# Forum > MMO > Star Wars: The Old Republic > SWTOR Exploration >  Exploration Question

## xlAnonym0uslx

So I'm just wondering what types of known "glitches" there are for exploration in SWTOR. An example would be walljumping or mounting through walls in WoW. I just wanna get a compilation of the methods before I start exploring on my own.

----------


## Parog

They made it pretty damn near impossible to jump where you can't jump. Here's 2 tips though. 

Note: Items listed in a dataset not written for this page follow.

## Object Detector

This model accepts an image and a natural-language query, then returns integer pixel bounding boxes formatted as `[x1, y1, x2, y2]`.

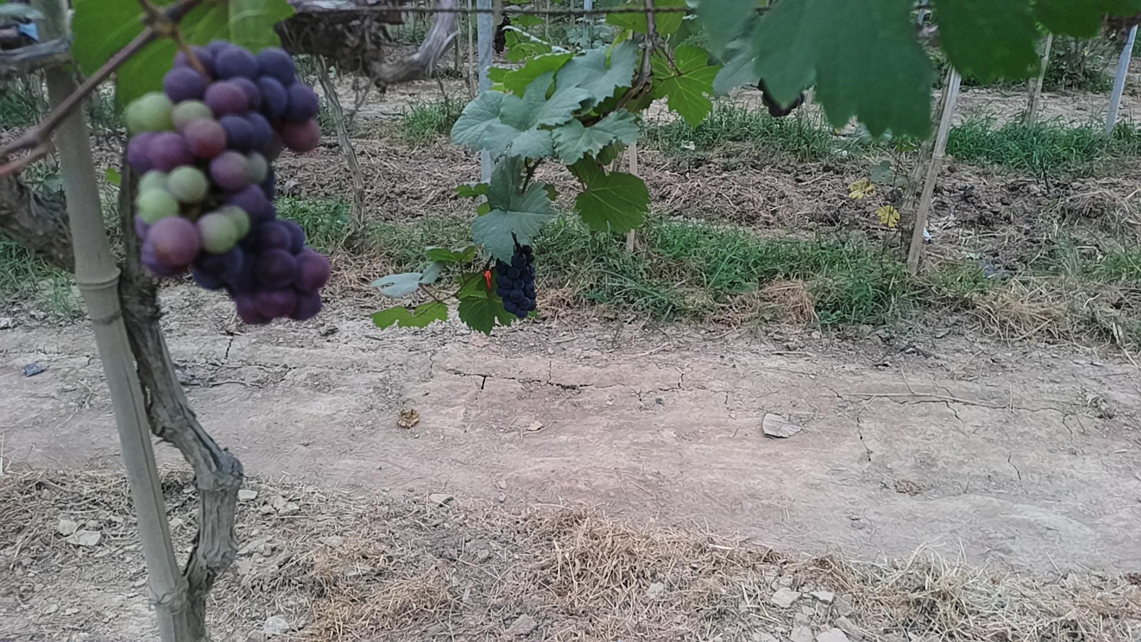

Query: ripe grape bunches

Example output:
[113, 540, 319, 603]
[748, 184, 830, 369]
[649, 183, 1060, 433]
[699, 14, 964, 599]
[490, 234, 535, 319]
[756, 78, 804, 117]
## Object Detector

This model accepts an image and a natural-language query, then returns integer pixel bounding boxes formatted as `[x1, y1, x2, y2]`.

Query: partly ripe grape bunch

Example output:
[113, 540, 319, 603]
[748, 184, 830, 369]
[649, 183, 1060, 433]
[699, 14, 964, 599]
[125, 40, 330, 323]
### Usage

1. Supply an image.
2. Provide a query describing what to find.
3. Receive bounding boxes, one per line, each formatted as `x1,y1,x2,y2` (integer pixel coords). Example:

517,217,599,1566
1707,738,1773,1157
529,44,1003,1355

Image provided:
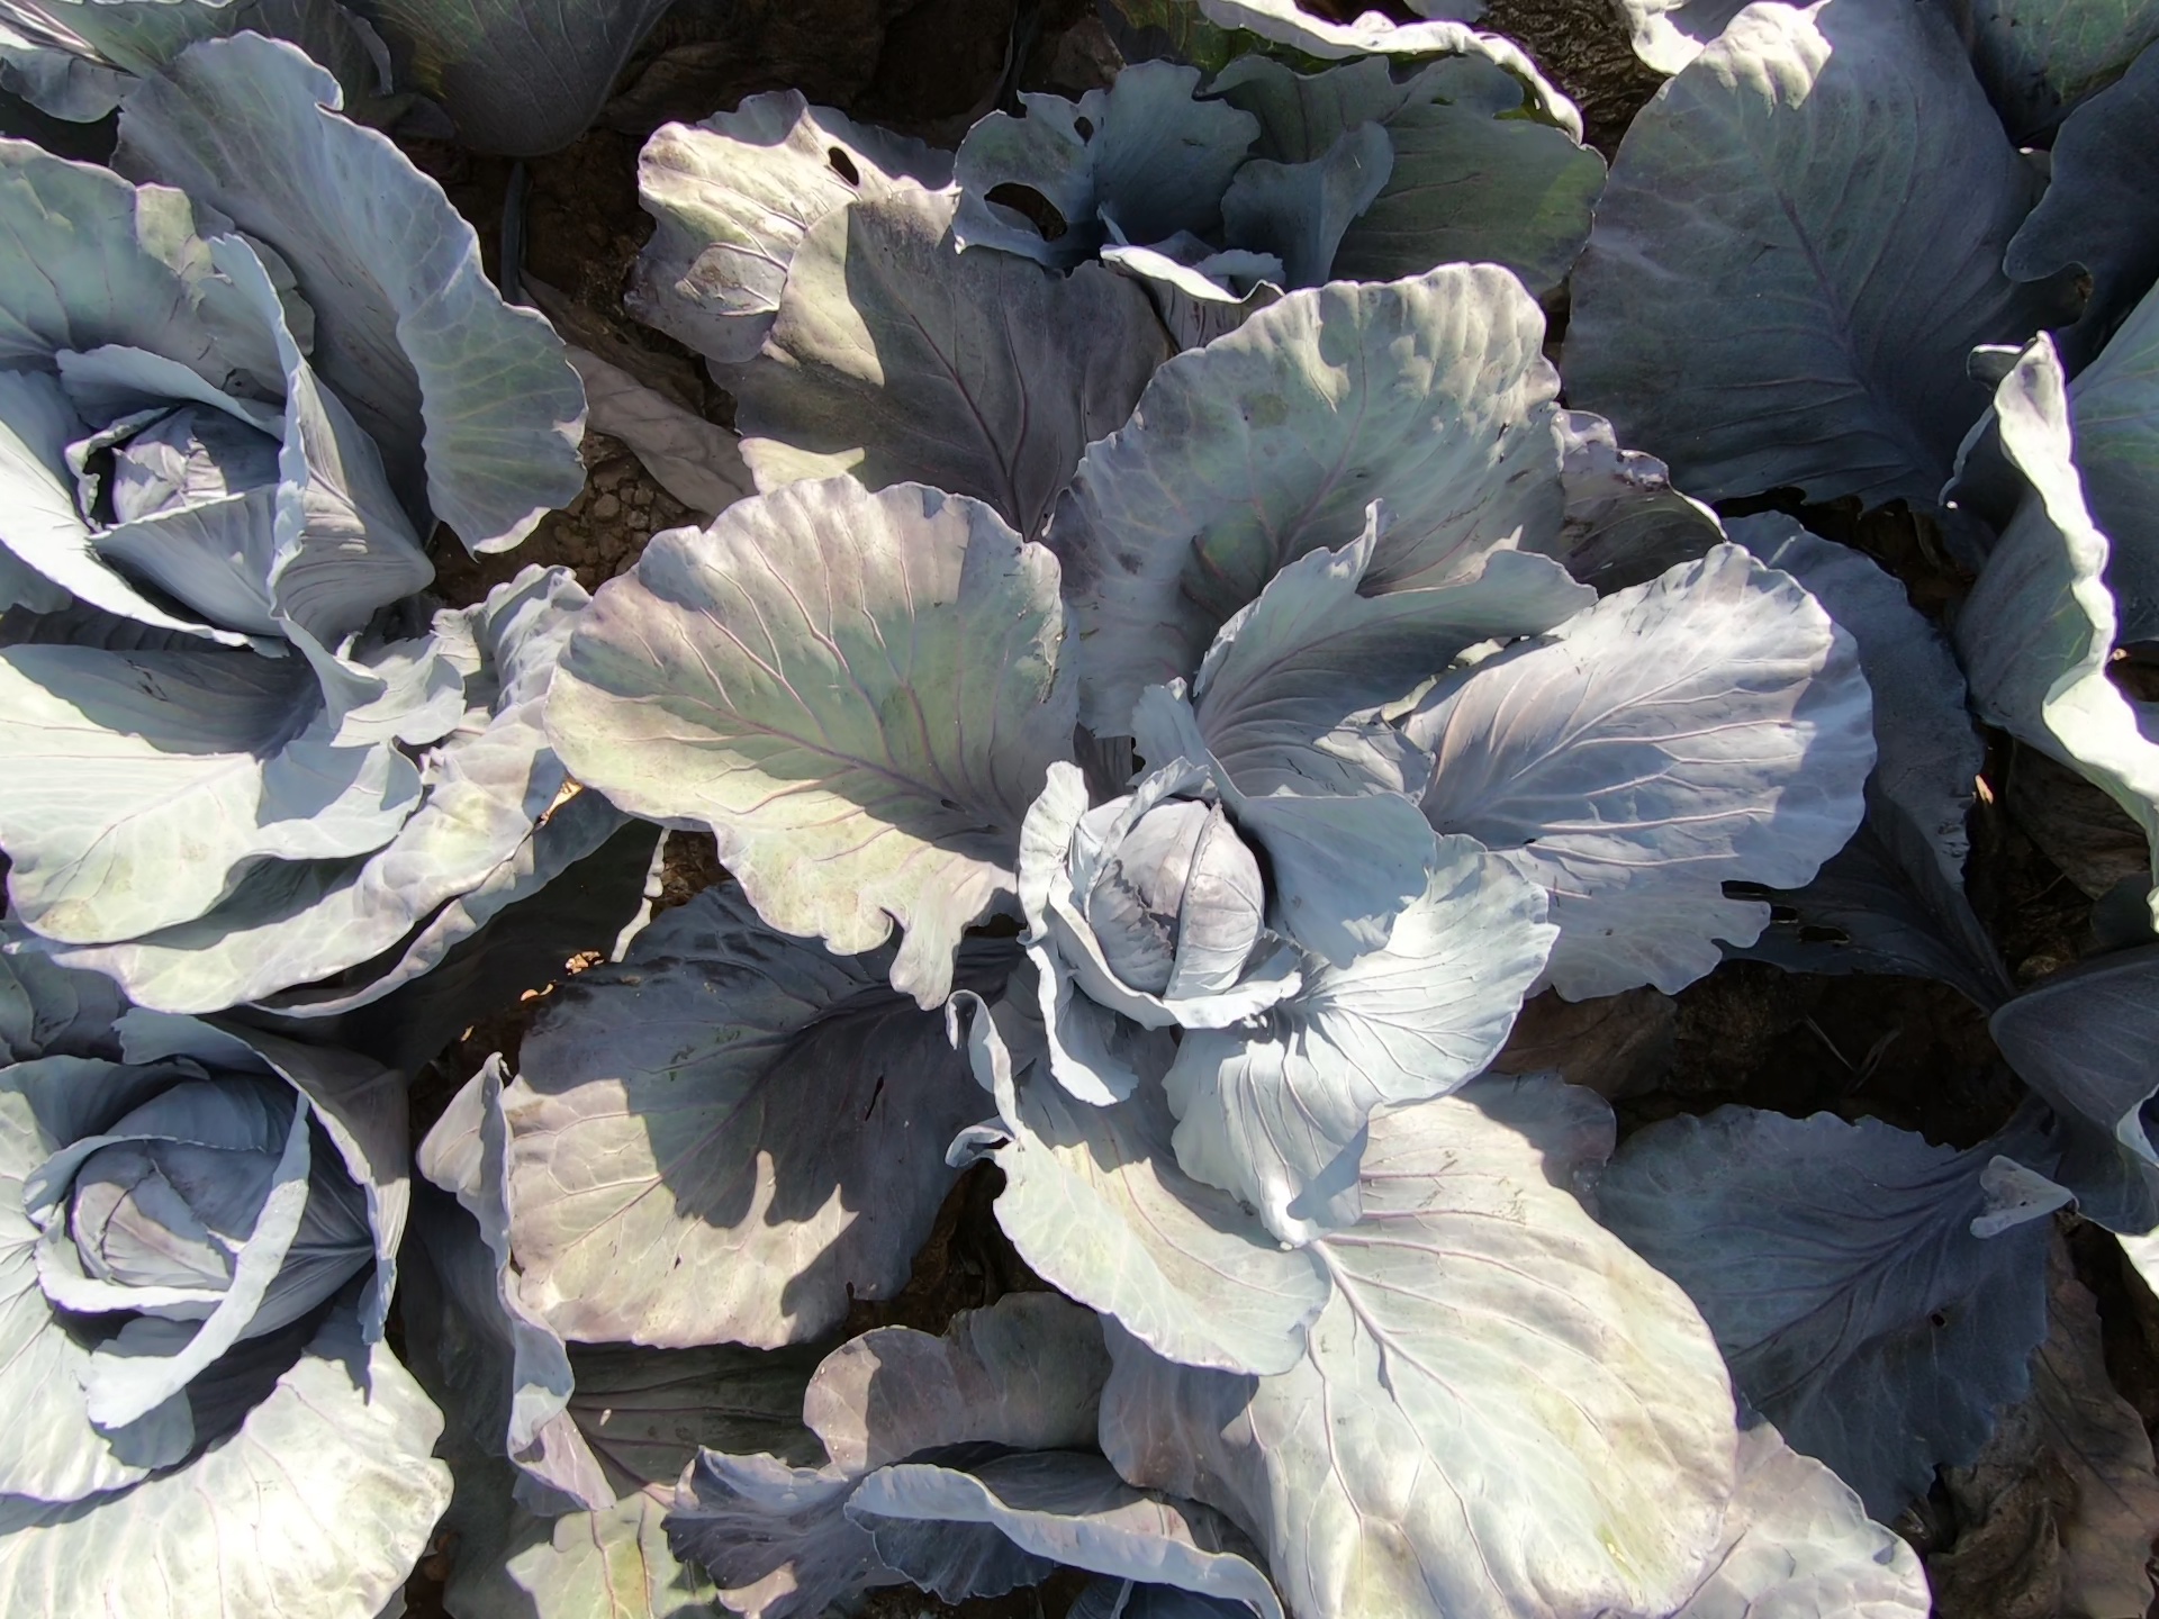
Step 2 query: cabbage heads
1081,798,1268,1012
67,1084,378,1312
106,401,360,628

1. Jumping and pressing up will get you higher than any other combination.
2. If you fall down a steep hill, strafing towards what you're sliding will halt you for a few milliseconds, allowing you to dive down anything that isn't concave.

----------


## Eldarius

Wall climbing in this game is pretty rough. As an avid wall climber in WoW here are some differences I've noticed:

1. Unlike WoW, in SWTOR you tend to bounce off of things, if you jump towards something and graze a wall in the air it will change the direction of your jump.
2. You cant jump up the seam where two surfaces meet, you will usually slowly slide down with no control or get stuck and have to use /stuck.
3. If you are trying to do a full momentum jump but you touch terrain that is too steep to walk up before the jump you will lose all your momentum and usually just jump straight up. To fix this back up a ways before the jump so you dont touch that terrain.

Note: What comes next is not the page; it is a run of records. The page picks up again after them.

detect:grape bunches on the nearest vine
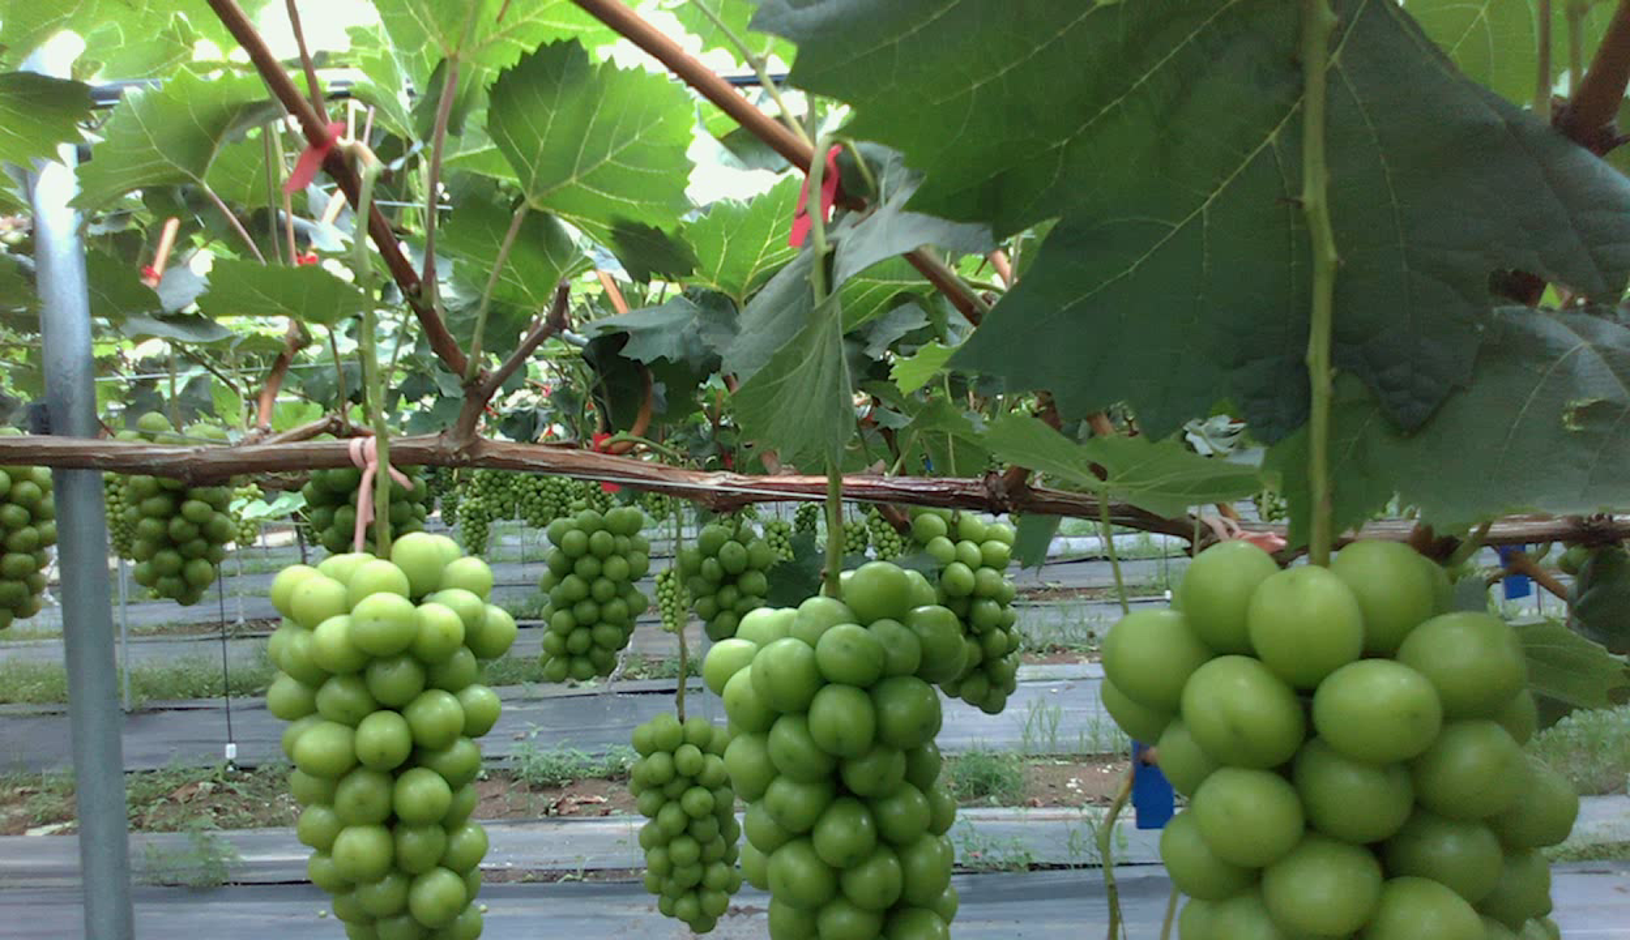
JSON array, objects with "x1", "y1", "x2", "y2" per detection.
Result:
[
  {"x1": 265, "y1": 533, "x2": 516, "y2": 939},
  {"x1": 1098, "y1": 539, "x2": 1578, "y2": 939},
  {"x1": 703, "y1": 561, "x2": 967, "y2": 939}
]
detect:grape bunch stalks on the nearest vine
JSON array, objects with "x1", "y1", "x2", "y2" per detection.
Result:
[
  {"x1": 344, "y1": 140, "x2": 391, "y2": 560},
  {"x1": 806, "y1": 134, "x2": 879, "y2": 598},
  {"x1": 1302, "y1": 1, "x2": 1334, "y2": 568}
]
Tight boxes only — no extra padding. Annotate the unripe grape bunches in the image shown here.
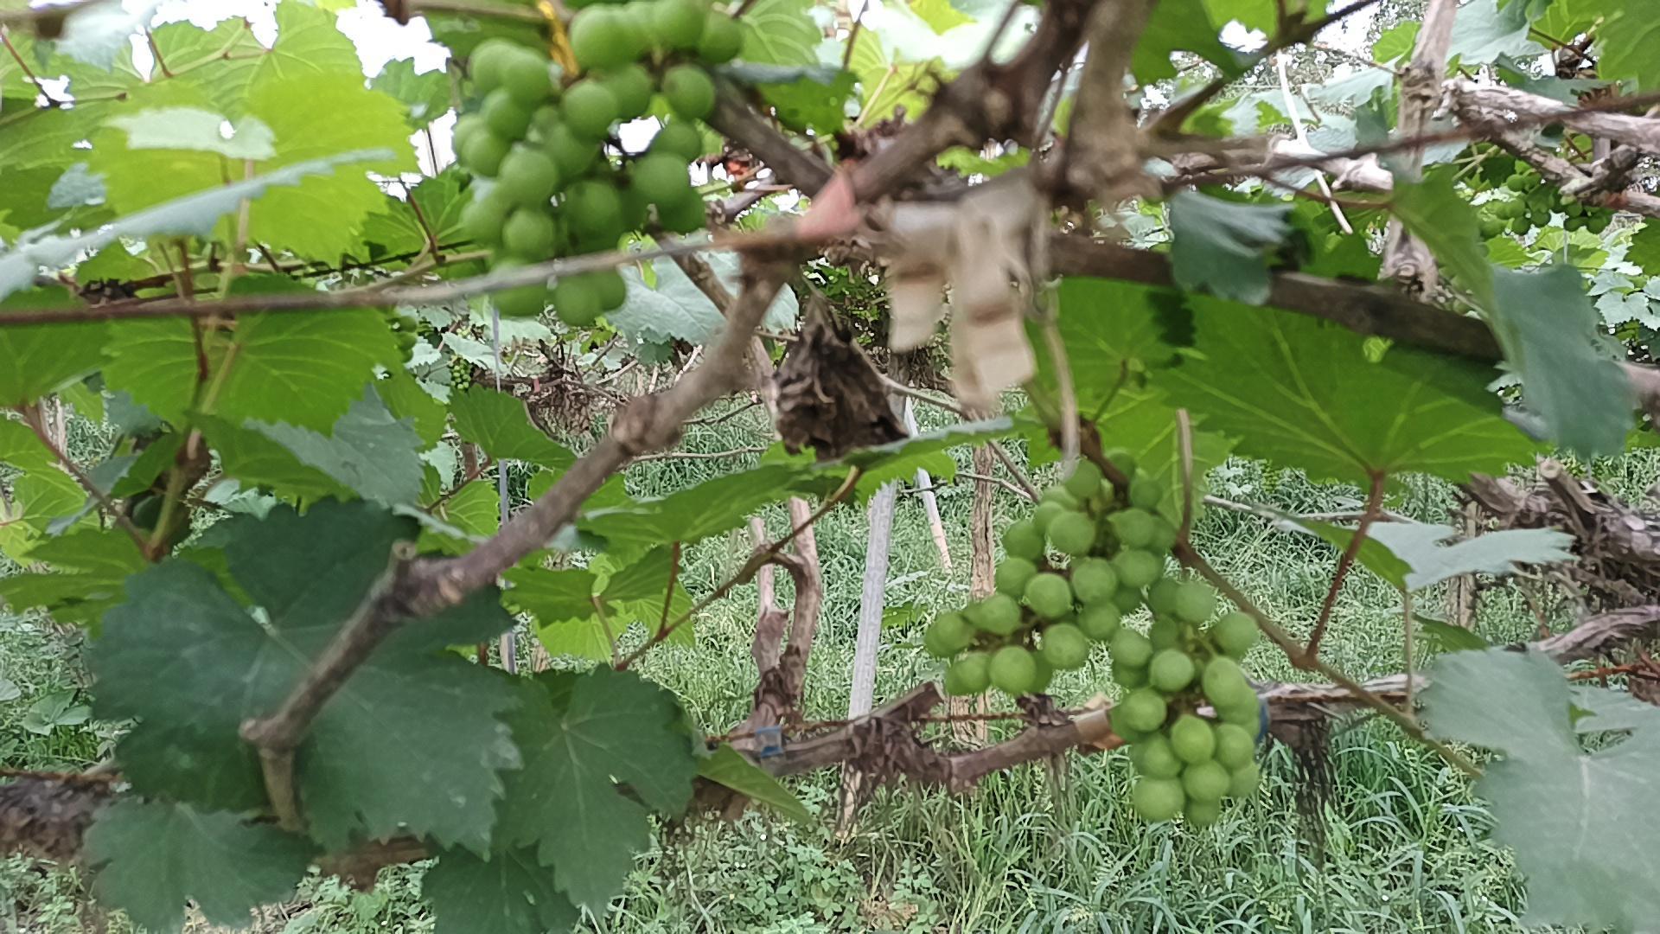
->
[1109,577,1260,824]
[926,444,1174,696]
[1481,169,1614,240]
[455,0,741,329]

4. One positive thing is that if you encounter some terrain that is just barely too steep to walk up you may be able to jump at it with enough speed to slide up to a spot where you can stand.

I think the best way to climb is going to be with two people, one with a knockback, the other with a pull-up like extrication or grapple.

----------


## akspa420

One advantage I've found is that a lot of the areas that you're not intended to end up are accessible due to non-solid walls, or objects where the base of the object is literally a hole that the toon can pass through. I've ended up in areas where the ground meets nothingness, and one misstep means death, very much like WoW, except that most areas that are not intended for you to end up in are not incomplete like WoW, but non-existent.

----------


## xlAnonym0uslx

Thanks for the tips guys! Parog: So if you're sliding down at a very, very slight angle to the left, if you press left, it will stop you for a second and "reset" your fall distance so you can just keep doing that to not take damage?

----------


## #ClumsyWizard

> Thanks for the tips guys! Parog: So if you're sliding down at a very, very slight angle to the left, if you press left, it will stop you for a second and "reset" your fall distance so you can just keep doing that to not take damage?


All depends on the slope and if you manage to get yourself stuck into the wall that you're next to.

I use the sliding slope glitch all the time to fall great heights without suffering damage.

----------


## xlAnonym0uslx

> All depends on the slope and if you manage to get yourself stuck into the wall that you're next to.
> 
> I use the sliding slope glitch all the time to fall great heights without suffering damage.


Thanks for clearing that up.  :Smile:

----------


## wildrunner

well i randomly found a glitch in aldoran where if you jump down from great height and use the shield as inquisitor you get ported to the place where you would land and be able to avoid dmg that way  :Smile:

----------